The task:
As the answer, set down the lines below from the one containing "A book cover for Jaguar" through the one containing "A book cover for The", exactly and inclusively, and no others.

Data extracts START

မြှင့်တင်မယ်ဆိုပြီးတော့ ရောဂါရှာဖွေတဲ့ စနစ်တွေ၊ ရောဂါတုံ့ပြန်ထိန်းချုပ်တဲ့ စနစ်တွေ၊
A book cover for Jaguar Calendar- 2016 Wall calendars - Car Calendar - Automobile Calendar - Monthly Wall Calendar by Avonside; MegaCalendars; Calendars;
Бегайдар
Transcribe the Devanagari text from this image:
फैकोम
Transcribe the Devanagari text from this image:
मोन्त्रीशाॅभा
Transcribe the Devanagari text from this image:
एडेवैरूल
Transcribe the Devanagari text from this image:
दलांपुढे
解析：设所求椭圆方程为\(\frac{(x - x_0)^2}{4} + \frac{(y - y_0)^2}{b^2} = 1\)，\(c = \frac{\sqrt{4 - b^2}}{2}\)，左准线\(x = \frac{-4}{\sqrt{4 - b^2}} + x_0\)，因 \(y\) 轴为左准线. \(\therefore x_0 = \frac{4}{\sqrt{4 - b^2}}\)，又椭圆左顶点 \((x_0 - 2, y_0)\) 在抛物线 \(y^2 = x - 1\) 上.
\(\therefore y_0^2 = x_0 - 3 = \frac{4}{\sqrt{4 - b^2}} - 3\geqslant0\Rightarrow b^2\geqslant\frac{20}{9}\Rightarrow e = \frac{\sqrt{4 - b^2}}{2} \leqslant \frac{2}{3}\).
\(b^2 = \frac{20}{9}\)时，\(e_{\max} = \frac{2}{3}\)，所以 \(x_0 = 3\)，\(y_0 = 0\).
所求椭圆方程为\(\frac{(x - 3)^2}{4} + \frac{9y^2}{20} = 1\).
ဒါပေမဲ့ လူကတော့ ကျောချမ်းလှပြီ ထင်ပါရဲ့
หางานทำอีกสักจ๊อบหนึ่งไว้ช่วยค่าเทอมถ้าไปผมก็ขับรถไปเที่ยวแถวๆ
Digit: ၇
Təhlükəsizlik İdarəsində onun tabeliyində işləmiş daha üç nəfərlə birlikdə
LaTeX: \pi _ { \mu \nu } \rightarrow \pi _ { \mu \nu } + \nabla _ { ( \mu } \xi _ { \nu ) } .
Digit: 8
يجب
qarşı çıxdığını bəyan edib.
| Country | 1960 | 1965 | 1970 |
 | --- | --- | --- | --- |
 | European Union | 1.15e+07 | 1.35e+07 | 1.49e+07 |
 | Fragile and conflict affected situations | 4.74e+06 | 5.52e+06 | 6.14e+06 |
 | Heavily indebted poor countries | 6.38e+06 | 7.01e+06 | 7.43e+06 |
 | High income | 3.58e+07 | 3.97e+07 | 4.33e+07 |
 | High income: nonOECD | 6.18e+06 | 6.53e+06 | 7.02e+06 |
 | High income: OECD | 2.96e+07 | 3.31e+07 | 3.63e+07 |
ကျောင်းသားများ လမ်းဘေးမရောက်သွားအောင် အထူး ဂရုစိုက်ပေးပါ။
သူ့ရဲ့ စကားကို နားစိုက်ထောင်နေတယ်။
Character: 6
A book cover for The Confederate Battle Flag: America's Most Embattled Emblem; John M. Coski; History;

Data extracts END
Data extracts START

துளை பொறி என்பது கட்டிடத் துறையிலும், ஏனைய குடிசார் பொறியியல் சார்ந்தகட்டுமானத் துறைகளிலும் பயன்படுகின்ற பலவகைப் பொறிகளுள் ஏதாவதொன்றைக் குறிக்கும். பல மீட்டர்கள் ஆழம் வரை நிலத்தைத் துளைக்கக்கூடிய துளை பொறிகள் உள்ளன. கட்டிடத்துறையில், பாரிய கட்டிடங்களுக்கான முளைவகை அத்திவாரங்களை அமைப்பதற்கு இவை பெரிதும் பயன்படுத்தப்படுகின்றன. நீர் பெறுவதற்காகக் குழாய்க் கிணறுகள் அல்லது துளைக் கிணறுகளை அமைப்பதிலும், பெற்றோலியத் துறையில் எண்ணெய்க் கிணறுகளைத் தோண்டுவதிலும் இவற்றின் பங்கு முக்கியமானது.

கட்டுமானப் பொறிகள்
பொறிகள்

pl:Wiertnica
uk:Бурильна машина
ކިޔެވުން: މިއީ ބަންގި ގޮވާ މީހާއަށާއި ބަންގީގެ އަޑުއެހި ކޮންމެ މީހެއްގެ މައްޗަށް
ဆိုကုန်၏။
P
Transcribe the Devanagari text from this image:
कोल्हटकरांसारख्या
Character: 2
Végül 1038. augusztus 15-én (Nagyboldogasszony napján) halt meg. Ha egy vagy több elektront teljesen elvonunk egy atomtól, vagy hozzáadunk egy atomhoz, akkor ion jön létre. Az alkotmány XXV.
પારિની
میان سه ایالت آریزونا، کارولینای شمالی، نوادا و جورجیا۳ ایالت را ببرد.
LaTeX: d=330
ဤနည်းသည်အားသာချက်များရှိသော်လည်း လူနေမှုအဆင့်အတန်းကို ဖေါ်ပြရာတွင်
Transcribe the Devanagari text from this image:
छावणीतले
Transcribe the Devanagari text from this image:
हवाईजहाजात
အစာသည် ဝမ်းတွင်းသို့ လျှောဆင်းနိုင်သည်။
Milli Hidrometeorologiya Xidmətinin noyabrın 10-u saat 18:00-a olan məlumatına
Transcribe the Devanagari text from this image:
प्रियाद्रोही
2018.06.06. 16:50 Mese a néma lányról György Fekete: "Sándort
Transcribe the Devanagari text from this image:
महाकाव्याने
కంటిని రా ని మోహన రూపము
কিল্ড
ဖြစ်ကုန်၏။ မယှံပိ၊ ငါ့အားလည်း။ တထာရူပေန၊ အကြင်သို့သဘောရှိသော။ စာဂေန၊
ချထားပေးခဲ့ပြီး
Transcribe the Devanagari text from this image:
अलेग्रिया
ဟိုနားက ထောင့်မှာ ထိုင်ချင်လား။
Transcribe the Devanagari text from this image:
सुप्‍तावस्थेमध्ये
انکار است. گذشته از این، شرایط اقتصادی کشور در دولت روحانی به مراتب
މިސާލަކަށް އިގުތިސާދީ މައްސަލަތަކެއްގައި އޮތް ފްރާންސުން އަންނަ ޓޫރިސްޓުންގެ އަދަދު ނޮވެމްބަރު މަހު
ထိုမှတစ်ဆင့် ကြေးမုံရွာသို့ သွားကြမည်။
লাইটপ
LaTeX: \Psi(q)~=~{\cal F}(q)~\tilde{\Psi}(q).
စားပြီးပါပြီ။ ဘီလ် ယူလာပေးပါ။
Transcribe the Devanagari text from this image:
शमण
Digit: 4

Data extracts END
Data extracts START

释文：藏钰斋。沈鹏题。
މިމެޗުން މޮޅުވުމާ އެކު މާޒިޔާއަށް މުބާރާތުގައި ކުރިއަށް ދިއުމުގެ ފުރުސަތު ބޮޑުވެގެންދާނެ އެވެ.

Data extracts END

Solution:
A book cover for Jaguar Calendar- 2016 Wall calendars - Car Calendar - Automobile Calendar - Monthly Wall Calendar by Avonside; MegaCalendars; Calendars;
Бегайдар
Transcribe the Devanagari text from this image:
फैकोम
Transcribe the Devanagari text from this image:
मोन्त्रीशाॅभा
Transcribe the Devanagari text from this image:
एडेवैरूल
Transcribe the Devanagari text from this image:
दलांपुढे
解析：设所求椭圆方程为\(\frac{(x - x_0)^2}{4} + \frac{(y - y_0)^2}{b^2} = 1\)，\(c = \frac{\sqrt{4 - b^2}}{2}\)，左准线\(x = \frac{-4}{\sqrt{4 - b^2}} + x_0\)，因 \(y\) 轴为左准线. \(\therefore x_0 = \frac{4}{\sqrt{4 - b^2}}\)，又椭圆左顶点 \((x_0 - 2, y_0)\) 在抛物线 \(y^2 = x - 1\) 上.
\(\therefore y_0^2 = x_0 - 3 = \frac{4}{\sqrt{4 - b^2}} - 3\geqslant0\Rightarrow b^2\geqslant\frac{20}{9}\Rightarrow e = \frac{\sqrt{4 - b^2}}{2} \leqslant \frac{2}{3}\).
\(b^2 = \frac{20}{9}\)时，\(e_{\max} = \frac{2}{3}\)，所以 \(x_0 = 3\)，\(y_0 = 0\).
所求椭圆方程为\(\frac{(x - 3)^2}{4} + \frac{9y^2}{20} = 1\).
ဒါပေမဲ့ လူကတော့ ကျောချမ်းလှပြီ ထင်ပါရဲ့
หางานทำอีกสักจ๊อบหนึ่งไว้ช่วยค่าเทอมถ้าไปผมก็ขับรถไปเที่ยวแถวๆ
Digit: ၇
Təhlükəsizlik İdarəsində onun tabeliyində işləmiş daha üç nəfərlə birlikdə
LaTeX: \pi _ { \mu \nu } \rightarrow \pi _ { \mu \nu } + \nabla _ { ( \mu } \xi _ { \nu ) } .
Digit: 8
يجب
qarşı çıxdığını bəyan edib.
| Country | 1960 | 1965 | 1970 |
 | --- | --- | --- | --- |
 | European Union | 1.15e+07 | 1.35e+07 | 1.49e+07 |
 | Fragile and conflict affected situations | 4.74e+06 | 5.52e+06 | 6.14e+06 |
 | Heavily indebted poor countries | 6.38e+06 | 7.01e+06 | 7.43e+06 |
 | High income | 3.58e+07 | 3.97e+07 | 4.33e+07 |
 | High income: nonOECD | 6.18e+06 | 6.53e+06 | 7.02e+06 |
 | High income: OECD | 2.96e+07 | 3.31e+07 | 3.63e+07 |
ကျောင်းသားများ လမ်းဘေးမရောက်သွားအောင် အထူး ဂရုစိုက်ပေးပါ။
သူ့ရဲ့ စကားကို နားစိုက်ထောင်နေတယ်။
Character: 6
A book cover for The Confederate Battle Flag: America's Most Embattled Emblem; John M. Coski; History;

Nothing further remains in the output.